-- Record set follows --

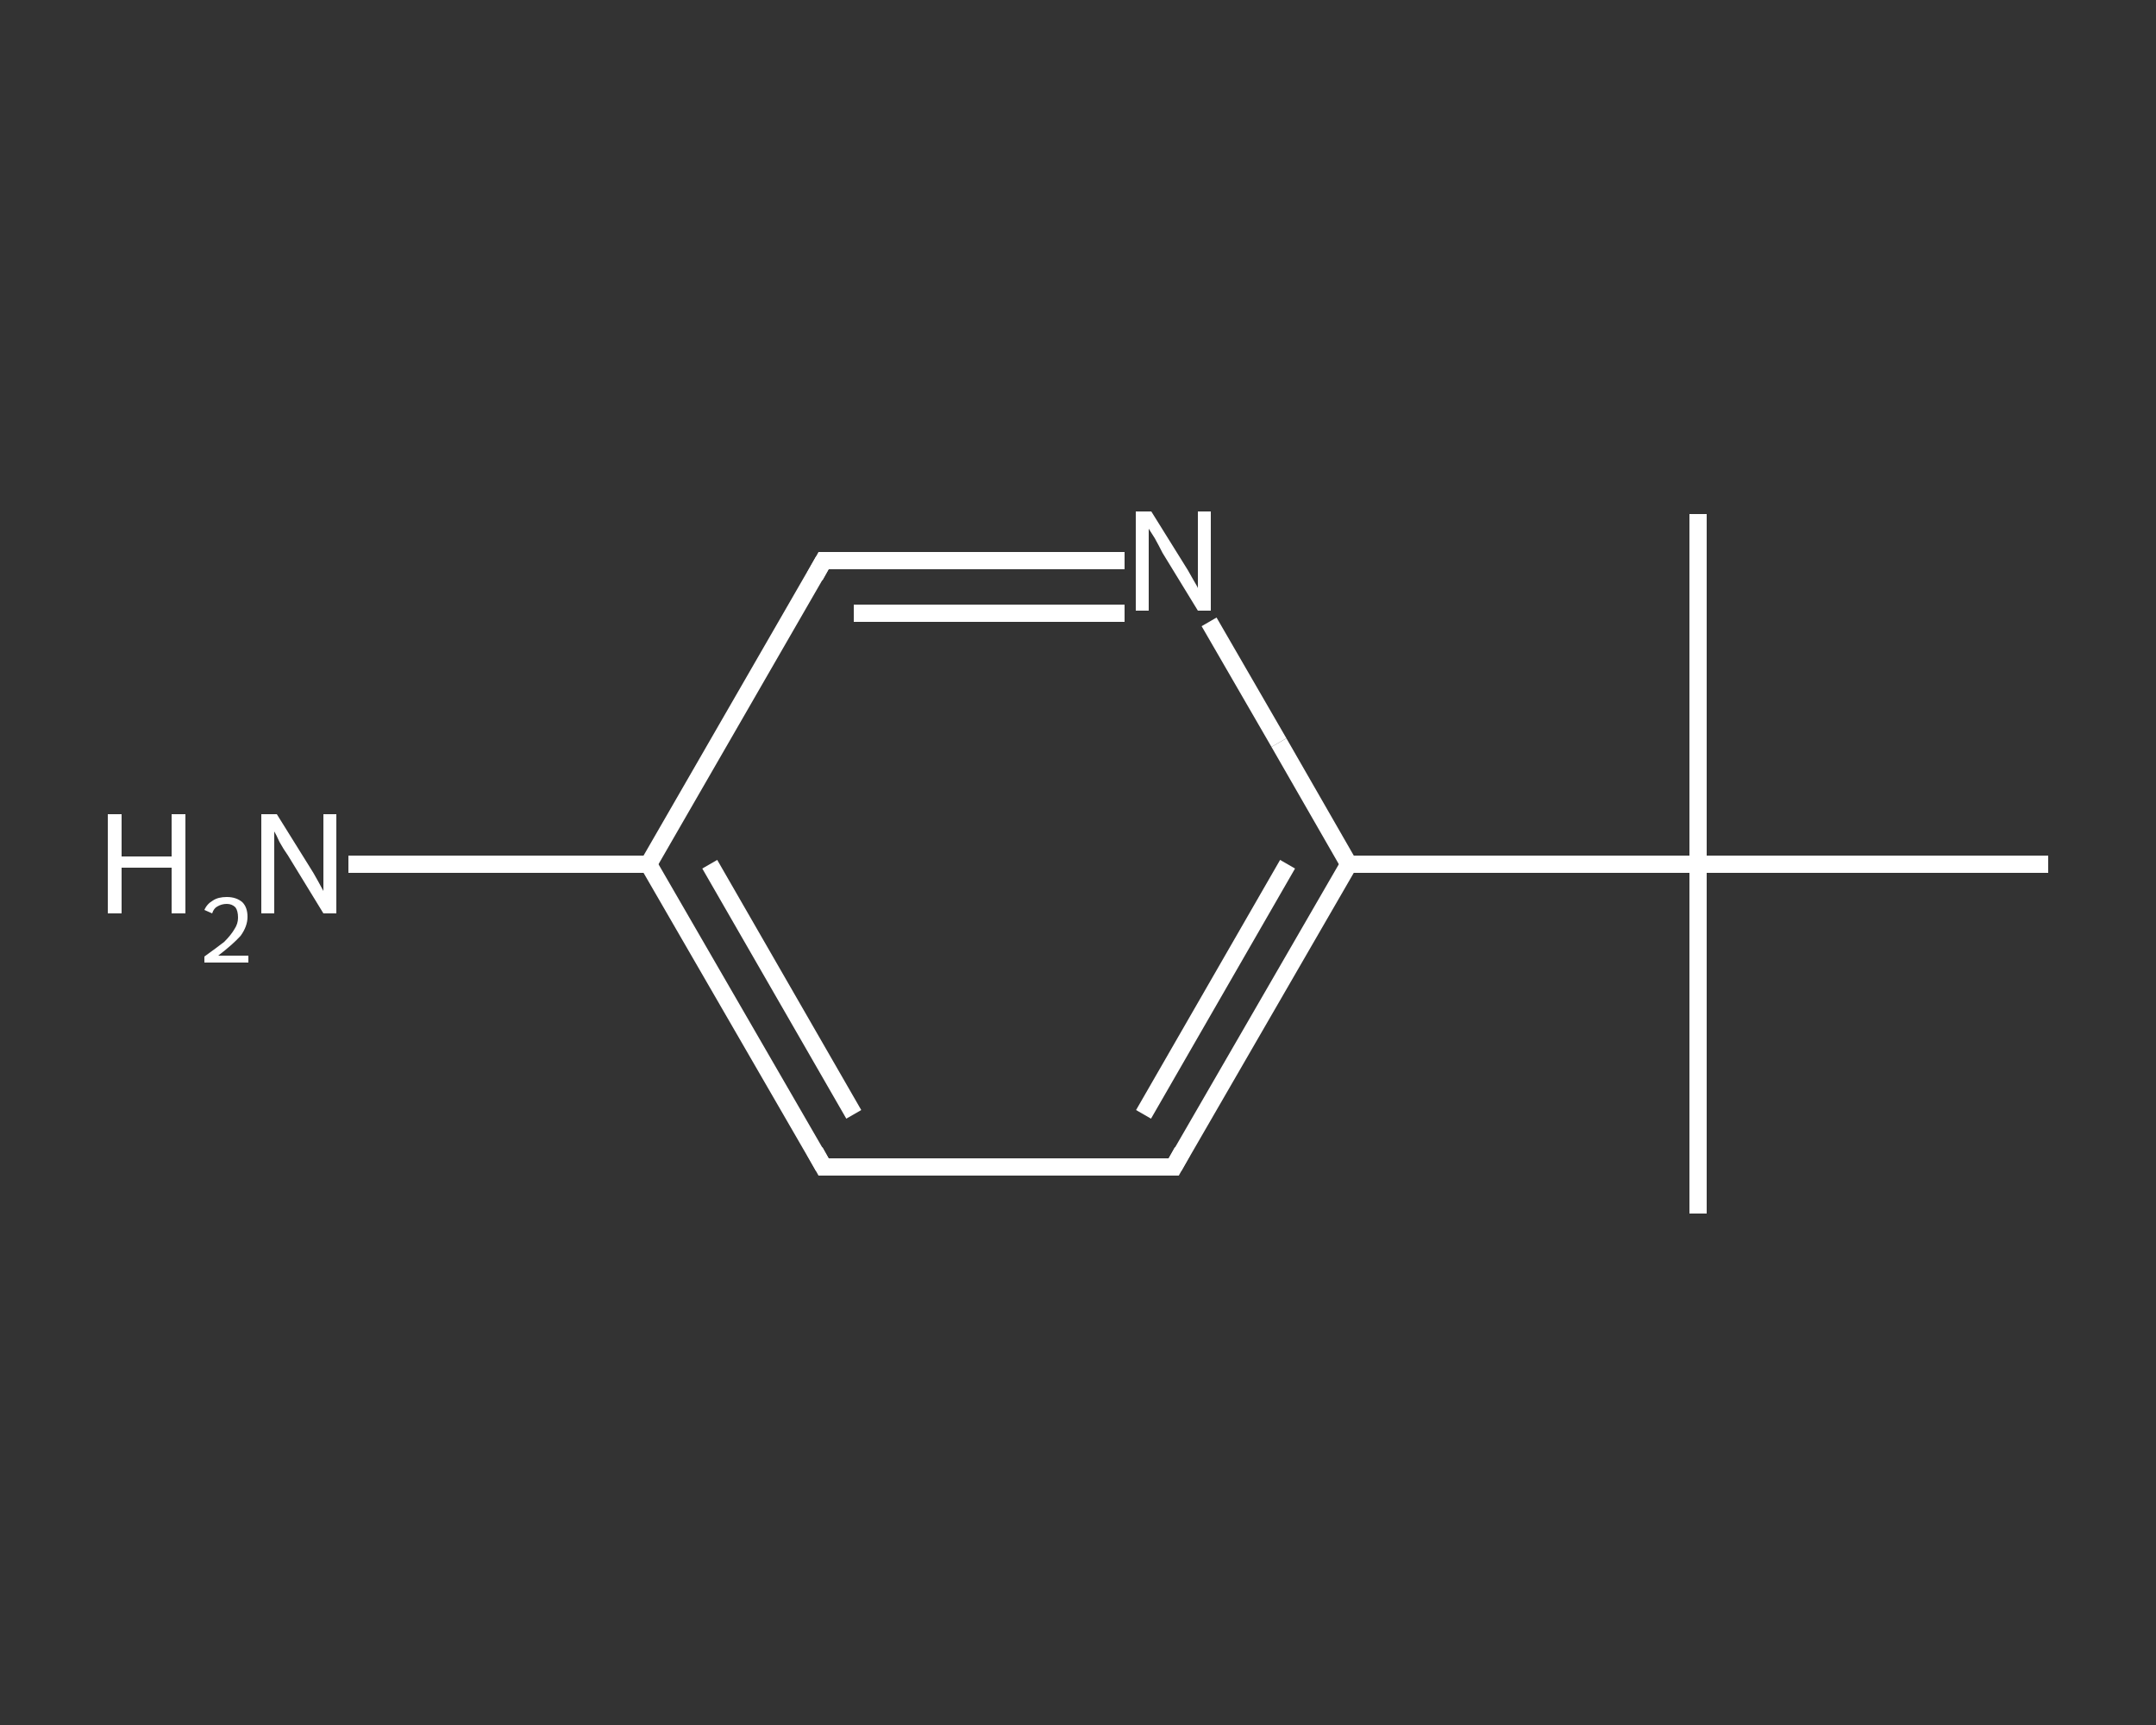 <?xml version='1.0' encoding='iso-8859-1'?>
<svg version='1.1' baseProfile='full'
              xmlns='http://www.w3.org/2000/svg'
                      xmlns:rdkit='http://www.rdkit.org/xml'
                      xmlns:xlink='http://www.w3.org/1999/xlink'
                  xml:space='preserve'
width='250px' height='200px' viewBox='0 0 250 200'>
<rect x="0" y="0" width="250" height="200" fill="#333333" stroke="none"/>
<!-- END OF HEADER -->
<rect style='opacity:1.0;fill:transparent;stroke:none' width='250.0' height='200.0' x='0.0' y='0.0'> </rect>
<path class='bond-0 atom-0 atom-1' d='M 196.9,140.7 L 196.9,100.2' style='fill:none;fill-rule:evenodd;stroke:#FFFFFF;stroke-width:2.0px;stroke-linecap:butt;stroke-linejoin:miter;stroke-opacity:1' />
<path class='bond-1 atom-1 atom-2' d='M 196.9,100.2 L 196.9,59.6' style='fill:none;fill-rule:evenodd;stroke:#FFFFFF;stroke-width:2.0px;stroke-linecap:butt;stroke-linejoin:miter;stroke-opacity:1' />
<path class='bond-2 atom-1 atom-3' d='M 196.9,100.2 L 237.5,100.2' style='fill:none;fill-rule:evenodd;stroke:#FFFFFF;stroke-width:2.0px;stroke-linecap:butt;stroke-linejoin:miter;stroke-opacity:1' />
<path class='bond-3 atom-1 atom-4' d='M 196.9,100.2 L 156.4,100.2' style='fill:none;fill-rule:evenodd;stroke:#FFFFFF;stroke-width:2.0px;stroke-linecap:butt;stroke-linejoin:miter;stroke-opacity:1' />
<path class='bond-4 atom-4 atom-5' d='M 156.4,100.2 L 136.1,135.3' style='fill:none;fill-rule:evenodd;stroke:#FFFFFF;stroke-width:2.0px;stroke-linecap:butt;stroke-linejoin:miter;stroke-opacity:1' />
<path class='bond-4 atom-4 atom-5' d='M 149.3,100.2 L 132.6,129.2' style='fill:none;fill-rule:evenodd;stroke:#FFFFFF;stroke-width:2.0px;stroke-linecap:butt;stroke-linejoin:miter;stroke-opacity:1' />
<path class='bond-5 atom-5 atom-6' d='M 136.1,135.3 L 95.5,135.3' style='fill:none;fill-rule:evenodd;stroke:#FFFFFF;stroke-width:2.0px;stroke-linecap:butt;stroke-linejoin:miter;stroke-opacity:1' />
<path class='bond-6 atom-6 atom-7' d='M 95.5,135.3 L 75.2,100.2' style='fill:none;fill-rule:evenodd;stroke:#FFFFFF;stroke-width:2.0px;stroke-linecap:butt;stroke-linejoin:miter;stroke-opacity:1' />
<path class='bond-6 atom-6 atom-7' d='M 99.0,129.2 L 82.3,100.2' style='fill:none;fill-rule:evenodd;stroke:#FFFFFF;stroke-width:2.0px;stroke-linecap:butt;stroke-linejoin:miter;stroke-opacity:1' />
<path class='bond-7 atom-7 atom-8' d='M 75.2,100.2 L 57.8,100.2' style='fill:none;fill-rule:evenodd;stroke:#FFFFFF;stroke-width:2.0px;stroke-linecap:butt;stroke-linejoin:miter;stroke-opacity:1' />
<path class='bond-7 atom-7 atom-8' d='M 57.8,100.2 L 40.4,100.2' style='fill:none;fill-rule:evenodd;stroke:#FFFFFF;stroke-width:2.0px;stroke-linecap:butt;stroke-linejoin:miter;stroke-opacity:1' />
<path class='bond-8 atom-7 atom-9' d='M 75.2,100.2 L 95.5,65.0' style='fill:none;fill-rule:evenodd;stroke:#FFFFFF;stroke-width:2.0px;stroke-linecap:butt;stroke-linejoin:miter;stroke-opacity:1' />
<path class='bond-9 atom-9 atom-10' d='M 95.5,65.0 L 113.0,65.0' style='fill:none;fill-rule:evenodd;stroke:#FFFFFF;stroke-width:2.0px;stroke-linecap:butt;stroke-linejoin:miter;stroke-opacity:1' />
<path class='bond-9 atom-9 atom-10' d='M 113.0,65.0 L 130.4,65.0' style='fill:none;fill-rule:evenodd;stroke:#FFFFFF;stroke-width:2.0px;stroke-linecap:butt;stroke-linejoin:miter;stroke-opacity:1' />
<path class='bond-9 atom-9 atom-10' d='M 99.0,71.1 L 114.7,71.1' style='fill:none;fill-rule:evenodd;stroke:#FFFFFF;stroke-width:2.0px;stroke-linecap:butt;stroke-linejoin:miter;stroke-opacity:1' />
<path class='bond-9 atom-9 atom-10' d='M 114.7,71.1 L 130.4,71.1' style='fill:none;fill-rule:evenodd;stroke:#FFFFFF;stroke-width:2.0px;stroke-linecap:butt;stroke-linejoin:miter;stroke-opacity:1' />
<path class='bond-10 atom-10 atom-4' d='M 140.2,72.1 L 148.3,86.1' style='fill:none;fill-rule:evenodd;stroke:#FFFFFF;stroke-width:2.0px;stroke-linecap:butt;stroke-linejoin:miter;stroke-opacity:1' />
<path class='bond-10 atom-10 atom-4' d='M 148.3,86.1 L 156.4,100.2' style='fill:none;fill-rule:evenodd;stroke:#FFFFFF;stroke-width:2.0px;stroke-linecap:butt;stroke-linejoin:miter;stroke-opacity:1' />
<path d='M 137.1,133.5 L 136.1,135.3 L 134.1,135.3' style='fill:none;stroke:#FFFFFF;stroke-width:2.0px;stroke-linecap:butt;stroke-linejoin:miter;stroke-opacity:1;' />
<path d='M 97.5,135.3 L 95.5,135.3 L 94.5,133.5' style='fill:none;stroke:#FFFFFF;stroke-width:2.0px;stroke-linecap:butt;stroke-linejoin:miter;stroke-opacity:1;' />
<path d='M 94.5,66.8 L 95.5,65.0 L 96.4,65.0' style='fill:none;stroke:#FFFFFF;stroke-width:2.0px;stroke-linecap:butt;stroke-linejoin:miter;stroke-opacity:1;' />
<path class='atom-8' d='M 12.5 94.4
L 14.1 94.4
L 14.1 99.3
L 19.9 99.3
L 19.9 94.4
L 21.5 94.4
L 21.5 105.9
L 19.9 105.9
L 19.9 100.6
L 14.1 100.6
L 14.1 105.9
L 12.5 105.9
L 12.5 94.4
' fill='#FFFFFF'/>
<path class='atom-8' d='M 23.7 105.5
Q 24.0 104.8, 24.7 104.4
Q 25.3 104.0, 26.3 104.0
Q 27.4 104.0, 28.1 104.6
Q 28.7 105.2, 28.7 106.3
Q 28.7 107.4, 27.9 108.5
Q 27.0 109.5, 25.3 110.8
L 28.8 110.8
L 28.8 111.6
L 23.7 111.6
L 23.7 110.9
Q 25.1 109.9, 26.0 109.2
Q 26.8 108.4, 27.2 107.7
Q 27.6 107.1, 27.6 106.4
Q 27.6 105.6, 27.3 105.2
Q 26.9 104.8, 26.3 104.8
Q 25.7 104.8, 25.2 105.1
Q 24.8 105.3, 24.6 105.9
L 23.7 105.5
' fill='#FFFFFF'/>
<path class='atom-8' d='M 32.1 94.4
L 35.9 100.5
Q 36.3 101.1, 36.9 102.2
Q 37.5 103.3, 37.5 103.3
L 37.5 94.4
L 39.0 94.4
L 39.0 105.9
L 37.5 105.9
L 33.4 99.2
Q 32.9 98.5, 32.4 97.6
Q 32.0 96.7, 31.8 96.4
L 31.8 105.9
L 30.3 105.9
L 30.3 94.4
L 32.1 94.4
' fill='#FFFFFF'/>
<path class='atom-10' d='M 133.5 59.3
L 137.3 65.4
Q 137.7 66.0, 138.3 67.1
Q 138.9 68.1, 138.9 68.2
L 138.9 59.3
L 140.4 59.3
L 140.4 70.8
L 138.9 70.8
L 134.8 64.1
Q 134.4 63.3, 133.9 62.4
Q 133.4 61.6, 133.2 61.3
L 133.2 70.8
L 131.7 70.8
L 131.7 59.3
L 133.5 59.3
' fill='#FFFFFF'/>
</svg>

-- Record set concluded --

What the exercise asks >> Each line of the entries above that contains "rect" is to be copied.

Your solution >>
<rect x="0" y="0" width="250" height="200" fill="#333333" stroke="none"/>
<rect style='opacity:1.0;fill:transparent;stroke:none' width='250.0' height='200.0' x='0.0' y='0.0'> </rect>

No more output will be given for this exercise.